What the task requires: When you reach the line with "Question: Which point" in the records below, begin transcribing exactly and continue up to and including the line with "Best continuation: Rxc5 Rxc5 Nd7+ Ke7 Nxc5", leaving out every picture.

Entries supplied:

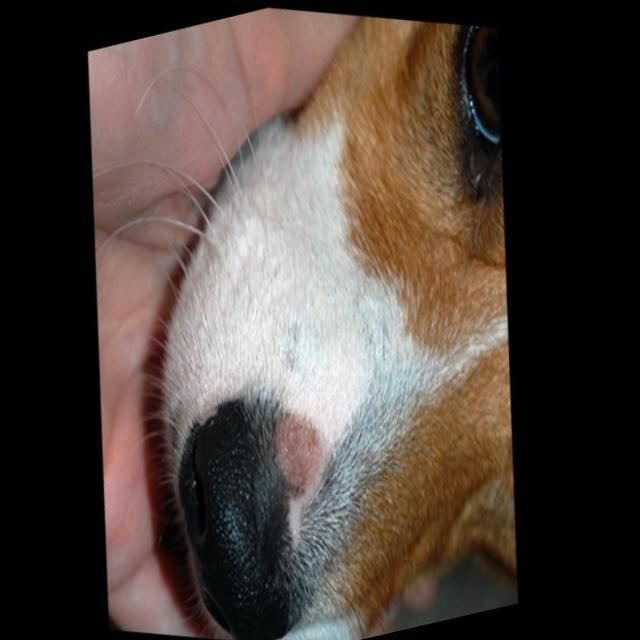
Canine ringworm (Dermatophytosis) — fungal infection caused by Microsporum or Trichophyton. Presents with circular alopecia, scaling, crusting, and broken hairs.
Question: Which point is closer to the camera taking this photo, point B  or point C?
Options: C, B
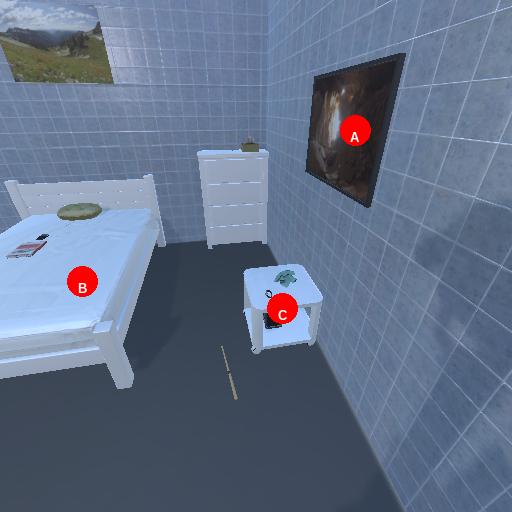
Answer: C
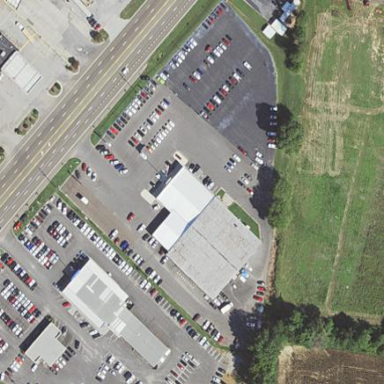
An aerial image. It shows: Building that houses car shop.
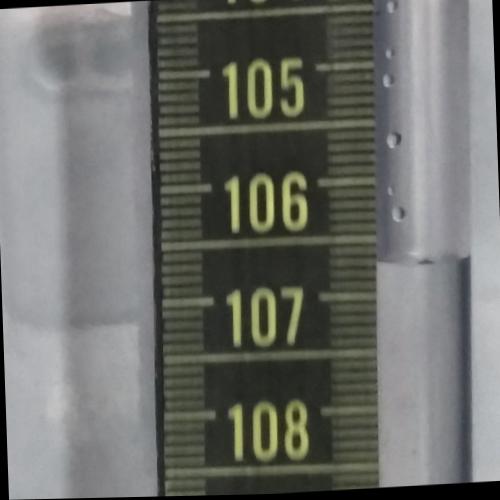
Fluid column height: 106.7 cm
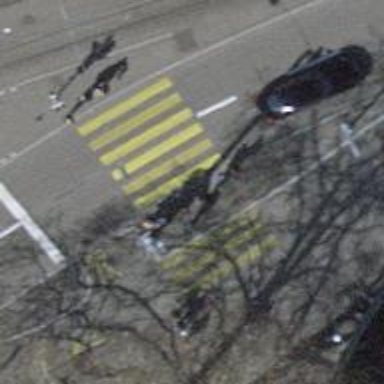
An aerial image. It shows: Asphalt footway with crossing controlled by traffic signals.
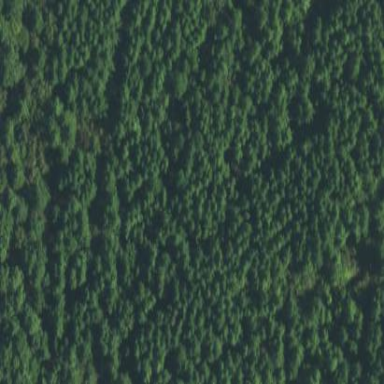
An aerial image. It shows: Forest with evergreen needle-leaved trees.
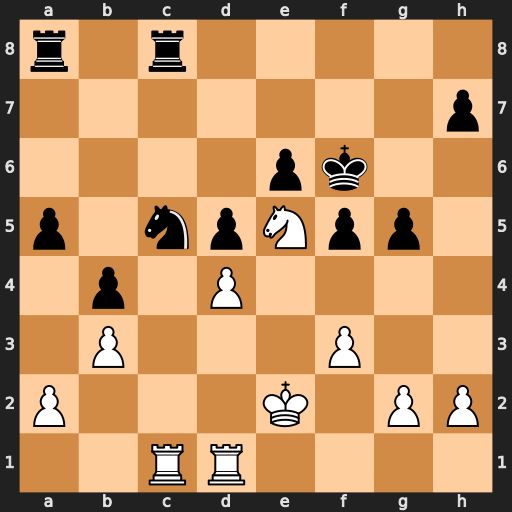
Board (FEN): r1r5/7p/4pk2/p1npNpp1/1p1P4/1P3P2/P3K1PP/2RR4
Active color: w
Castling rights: -
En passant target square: -
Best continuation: Rxc5 Rxc5 Nd7+ Ke7 Nxc5
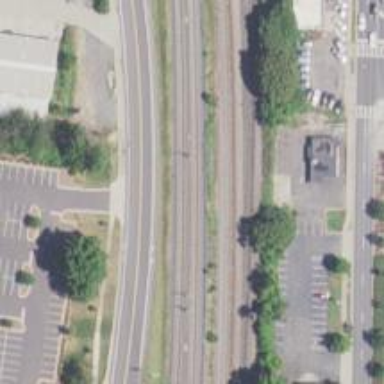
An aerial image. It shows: Light rail railway with electrified contact line.
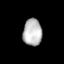
Tissue: lung
Cell type: T cells
Senescence score: 0.1895
Nuclear area (px): 494
Mean DAPI intensity: 187.453
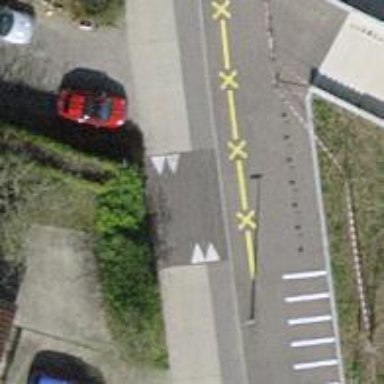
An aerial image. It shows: Traffic calming hump on the road.
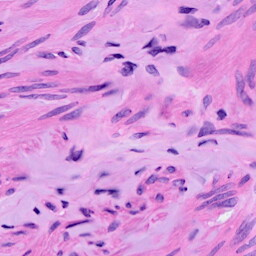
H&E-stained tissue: Ovarian
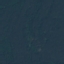
Land use / land cover: Forest
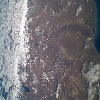
Label: land
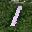
Label: 1
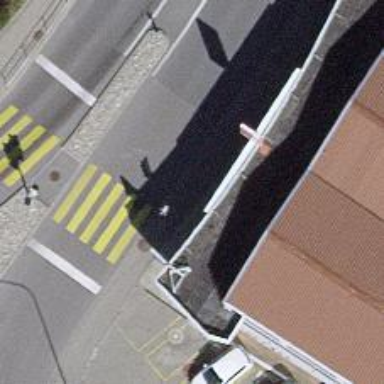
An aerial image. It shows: Sidewalk along the footway.
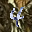
Label: 4
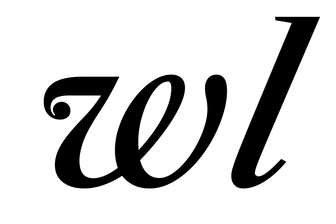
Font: LibreCaslonText-Italic_Medium_Italic

Answer to the exercise:
Question: Which point is closer to the camera taking this photo, point B  or point C?
Options: C, B
Answer: C
An aerial image. It shows: Building that houses car shop.
Fluid column height: 106.7 cm
An aerial image. It shows: Asphalt footway with crossing controlled by traffic signals.
An aerial image. It shows: Forest with evergreen needle-leaved trees.
Board (FEN): r1r5/7p/4pk2/p1npNpp1/1p1P4/1P3P2/P3K1PP/2RR4
Active color: w
Castling rights: -
En passant target square: -
Best continuation: Rxc5 Rxc5 Nd7+ Ke7 Nxc5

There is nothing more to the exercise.